» **Data for this exercise**:
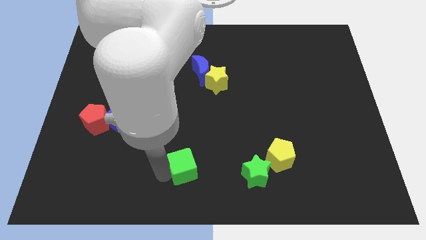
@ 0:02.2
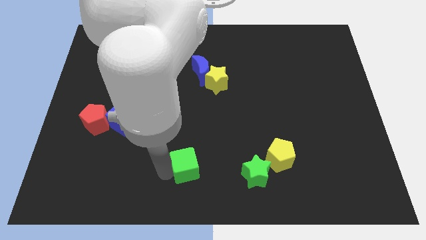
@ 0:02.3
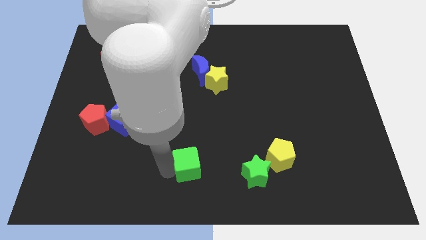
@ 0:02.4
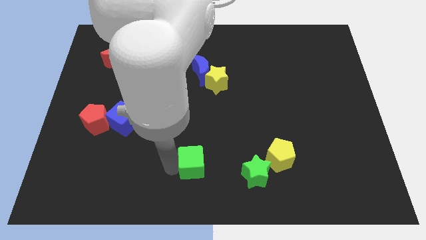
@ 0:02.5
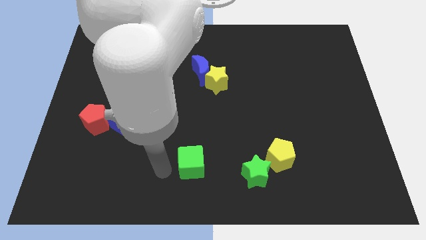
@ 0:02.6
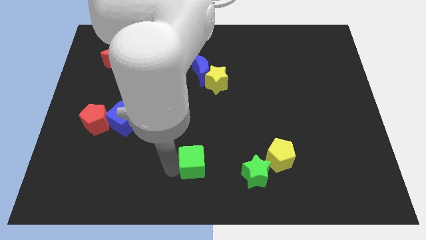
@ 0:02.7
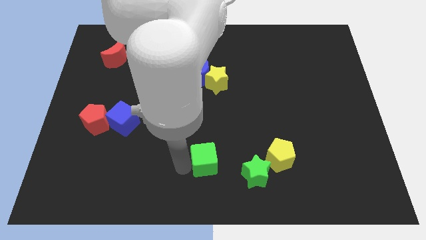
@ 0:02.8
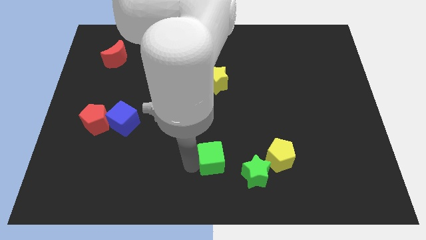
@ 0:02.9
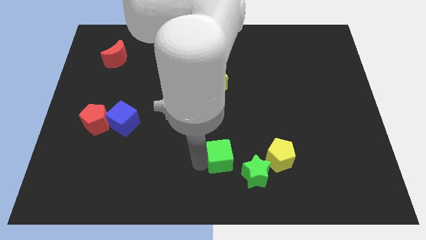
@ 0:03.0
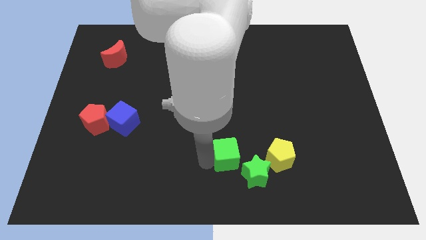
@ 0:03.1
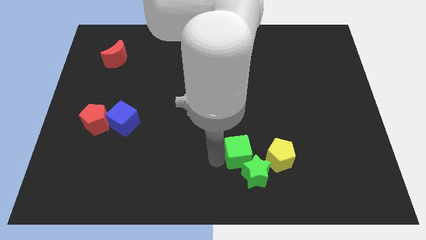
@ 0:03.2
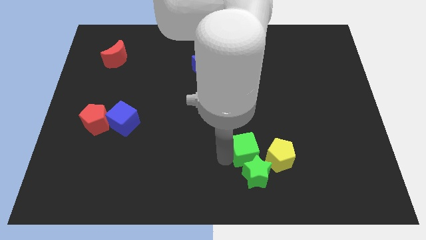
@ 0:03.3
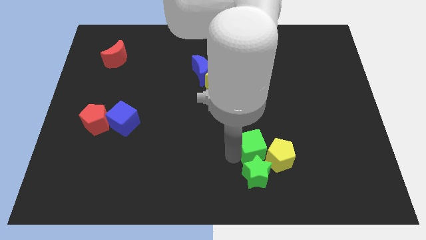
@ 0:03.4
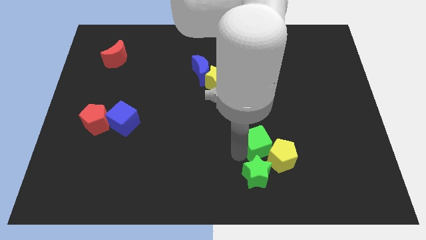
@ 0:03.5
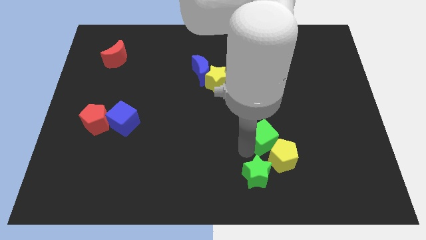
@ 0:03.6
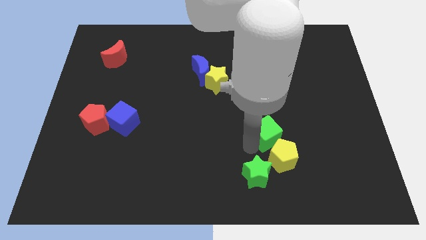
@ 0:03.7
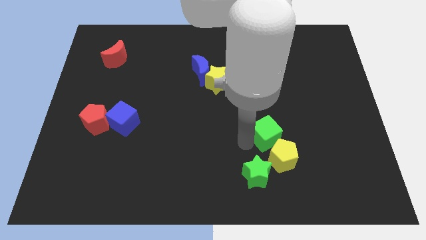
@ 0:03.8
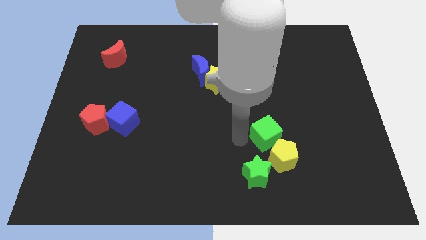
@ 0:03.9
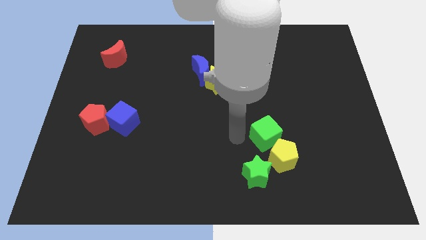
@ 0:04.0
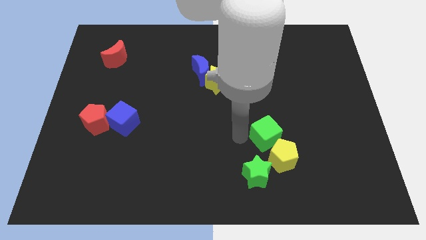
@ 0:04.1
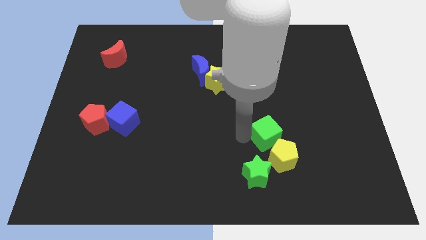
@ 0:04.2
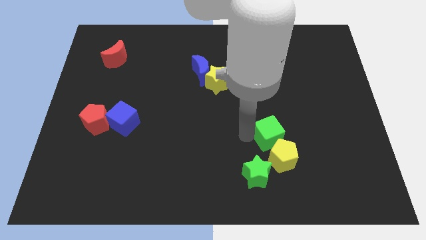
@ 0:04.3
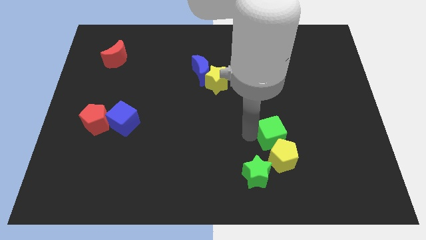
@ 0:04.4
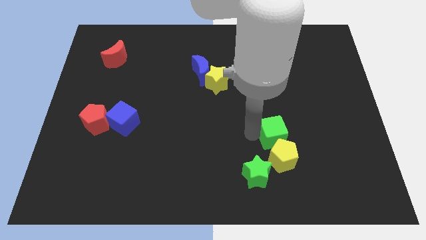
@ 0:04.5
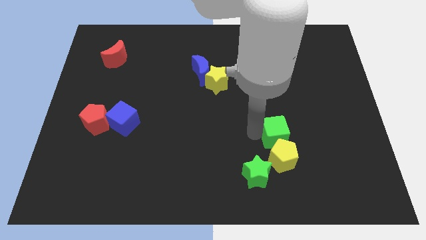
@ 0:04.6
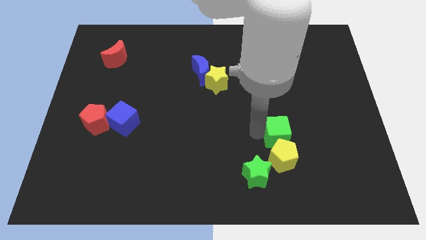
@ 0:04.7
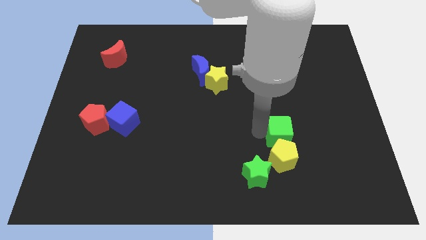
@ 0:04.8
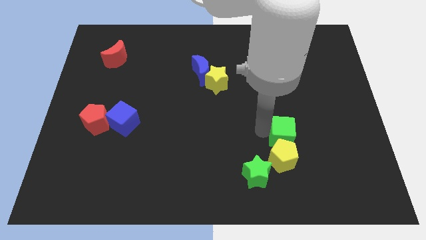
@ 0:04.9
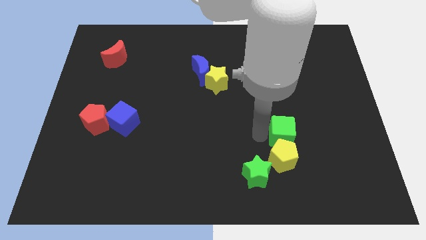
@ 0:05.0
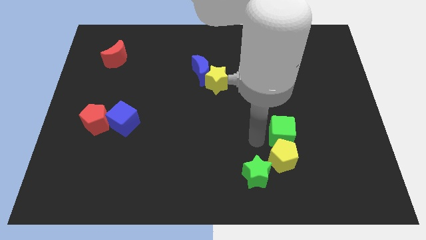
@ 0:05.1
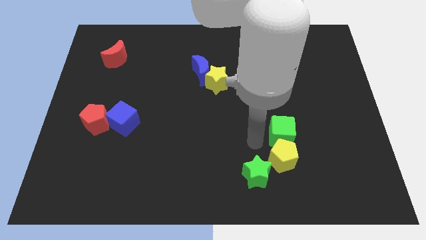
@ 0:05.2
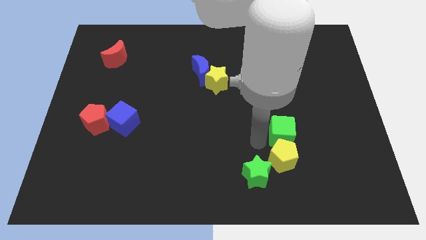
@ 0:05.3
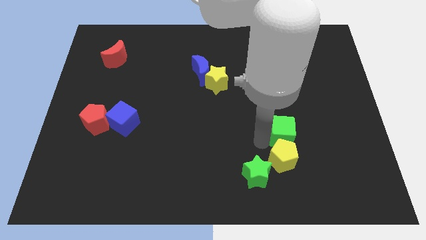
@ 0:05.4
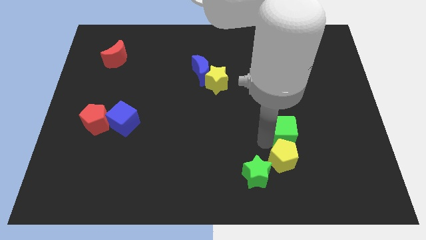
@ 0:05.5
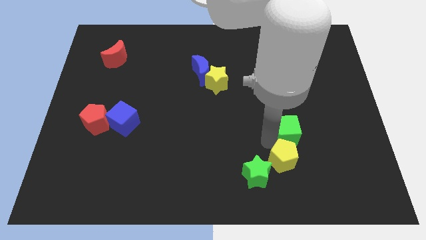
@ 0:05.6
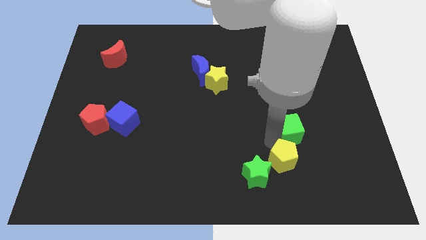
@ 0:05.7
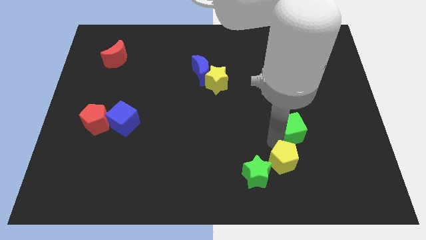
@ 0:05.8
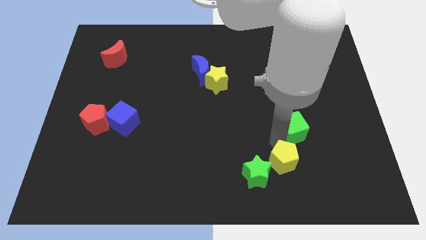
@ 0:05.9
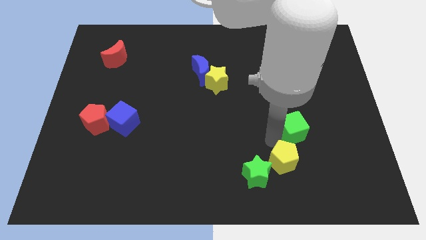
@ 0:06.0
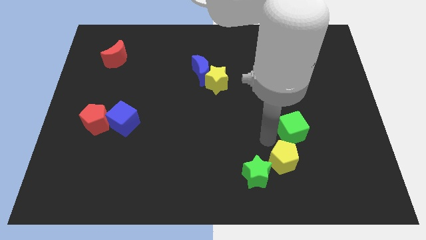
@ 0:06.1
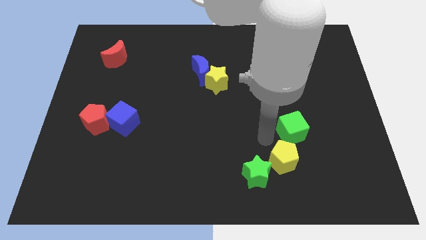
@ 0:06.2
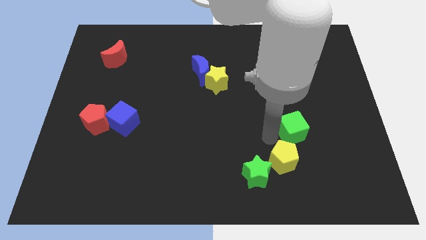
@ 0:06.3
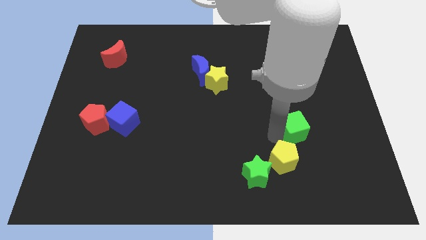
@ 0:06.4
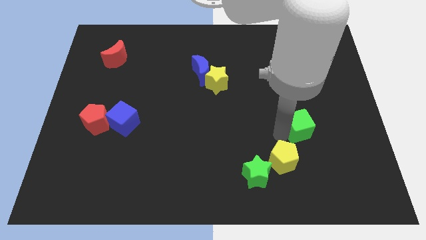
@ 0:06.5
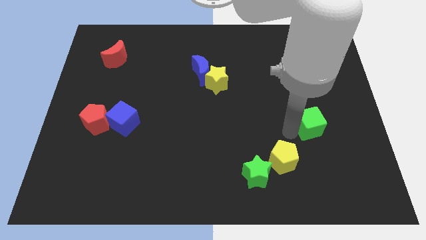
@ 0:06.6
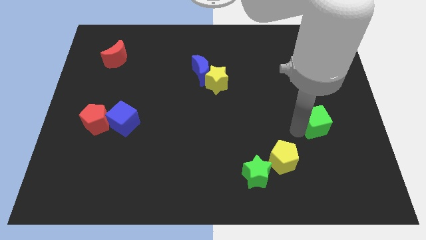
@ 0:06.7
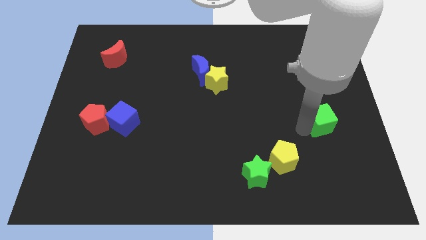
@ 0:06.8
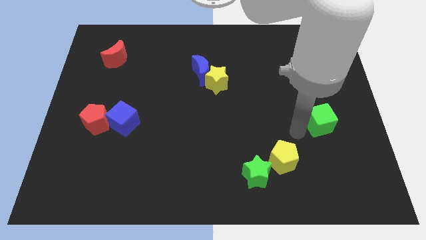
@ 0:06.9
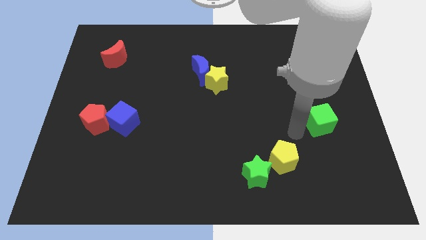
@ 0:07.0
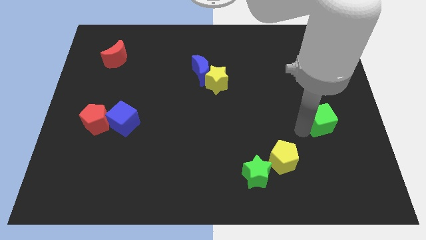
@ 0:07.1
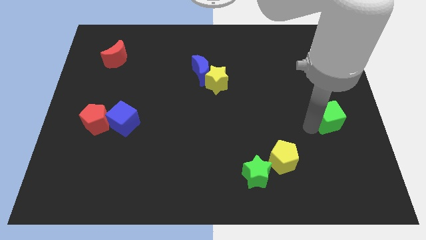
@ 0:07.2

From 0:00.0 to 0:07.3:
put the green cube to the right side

» **Instructions to follow**: No picture belongs in the answer, but every word of the records above does, exactly as given.

» **Response**:
@ 0:02.2
@ 0:02.3
@ 0:02.4
@ 0:02.5
@ 0:02.6
@ 0:02.7
@ 0:02.8
@ 0:02.9
@ 0:03.0
@ 0:03.1
@ 0:03.2
@ 0:03.3
@ 0:03.4
@ 0:03.5
@ 0:03.6
@ 0:03.7
@ 0:03.8
@ 0:03.9
@ 0:04.0
@ 0:04.1
@ 0:04.2
@ 0:04.3
@ 0:04.4
@ 0:04.5
@ 0:04.6
@ 0:04.7
@ 0:04.8
@ 0:04.9
@ 0:05.0
@ 0:05.1
@ 0:05.2
@ 0:05.3
@ 0:05.4
@ 0:05.5
@ 0:05.6
@ 0:05.7
@ 0:05.8
@ 0:05.9
@ 0:06.0
@ 0:06.1
@ 0:06.2
@ 0:06.3
@ 0:06.4
@ 0:06.5
@ 0:06.6
@ 0:06.7
@ 0:06.8
@ 0:06.9
@ 0:07.0
@ 0:07.1
@ 0:07.2

From 0:00.0 to 0:07.3:
put the green cube to the right side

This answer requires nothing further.